PROVIDED RECORDS:
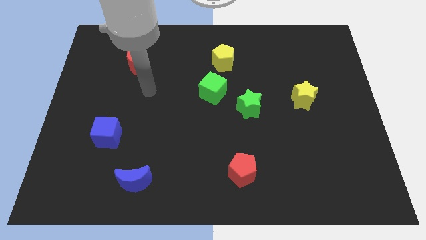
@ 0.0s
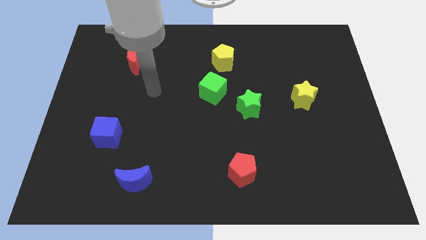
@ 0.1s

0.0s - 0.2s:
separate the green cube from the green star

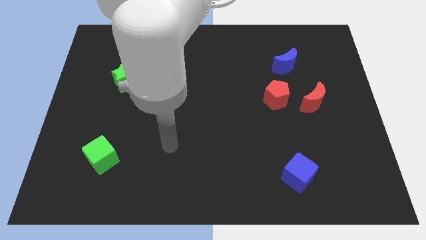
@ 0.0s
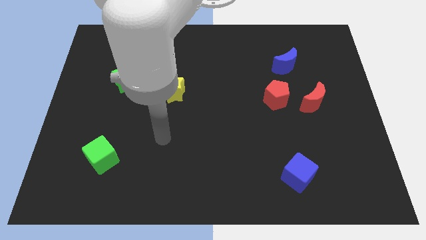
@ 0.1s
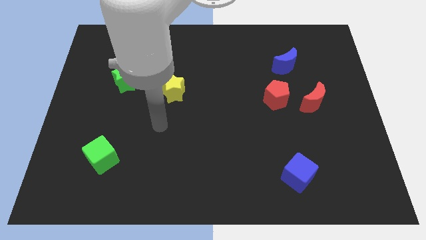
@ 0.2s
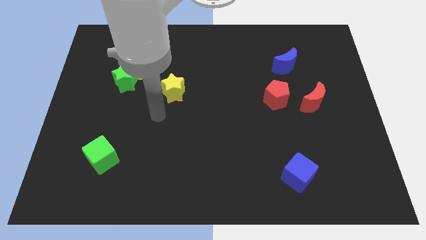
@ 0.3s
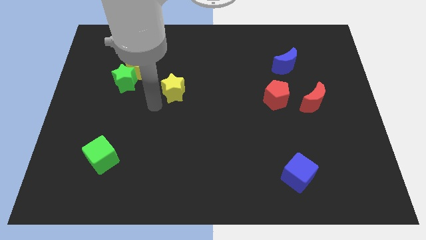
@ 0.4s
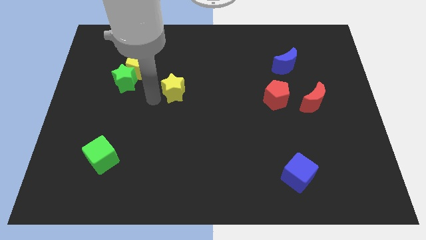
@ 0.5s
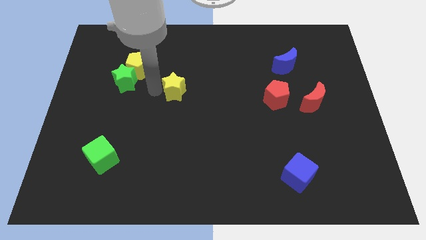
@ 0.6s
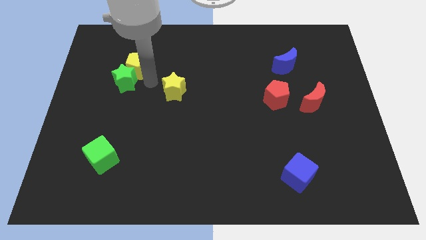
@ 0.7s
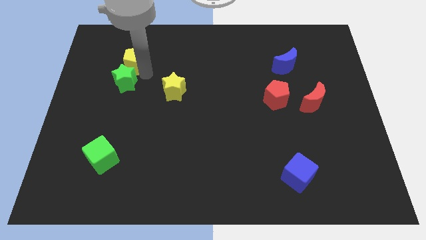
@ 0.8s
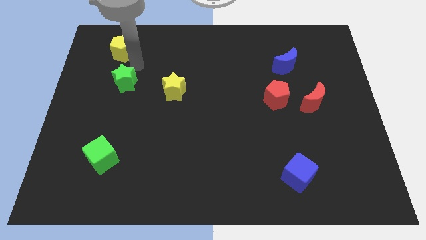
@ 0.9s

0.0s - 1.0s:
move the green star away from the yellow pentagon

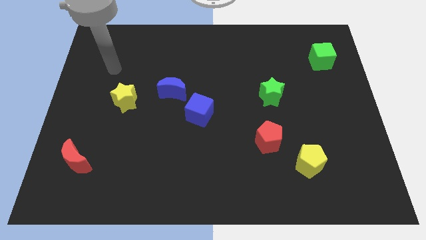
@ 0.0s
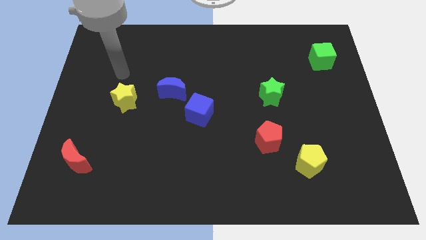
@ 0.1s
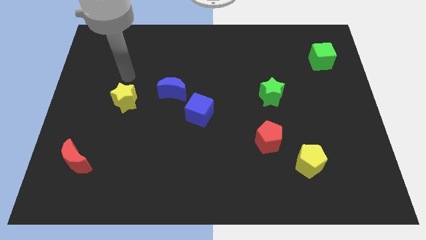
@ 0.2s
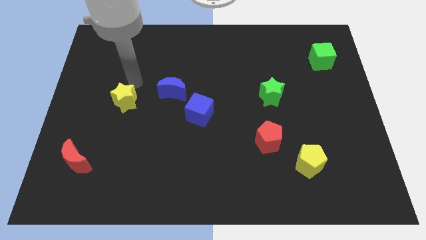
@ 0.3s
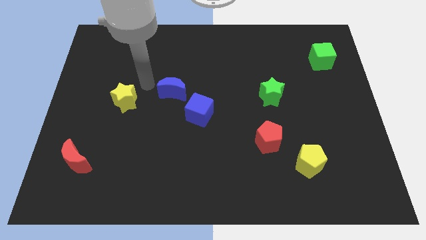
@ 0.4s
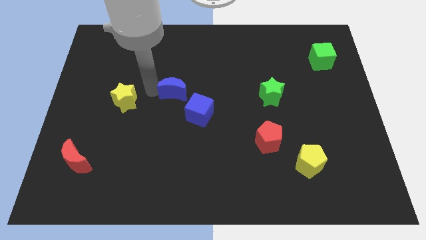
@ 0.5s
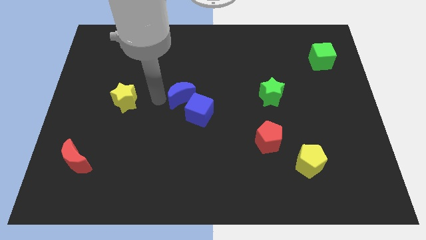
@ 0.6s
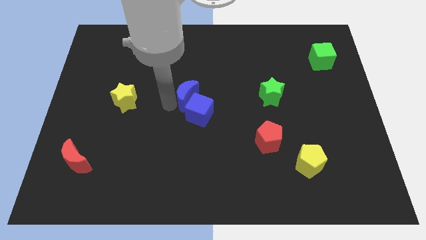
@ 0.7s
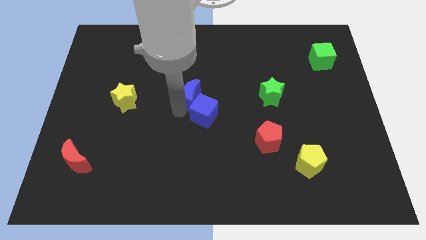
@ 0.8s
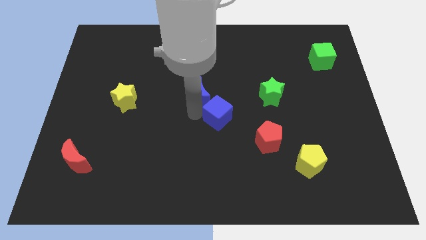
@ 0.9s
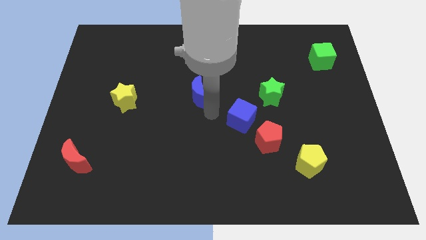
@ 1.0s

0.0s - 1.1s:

TASK:
Output every record above exactly, leaving out the pictures.

RESPONSE TO THIS EXERCISE:
@ 0.0s
@ 0.1s

0.0s - 0.2s:
separate the green cube from the green star

@ 0.0s
@ 0.1s
@ 0.2s
@ 0.3s
@ 0.4s
@ 0.5s
@ 0.6s
@ 0.7s
@ 0.8s
@ 0.9s

0.0s - 1.0s:
move the green star away from the yellow pentagon

@ 0.0s
@ 0.1s
@ 0.2s
@ 0.3s
@ 0.4s
@ 0.5s
@ 0.6s
@ 0.7s
@ 0.8s
@ 0.9s
@ 1.0s

0.0s - 1.1s:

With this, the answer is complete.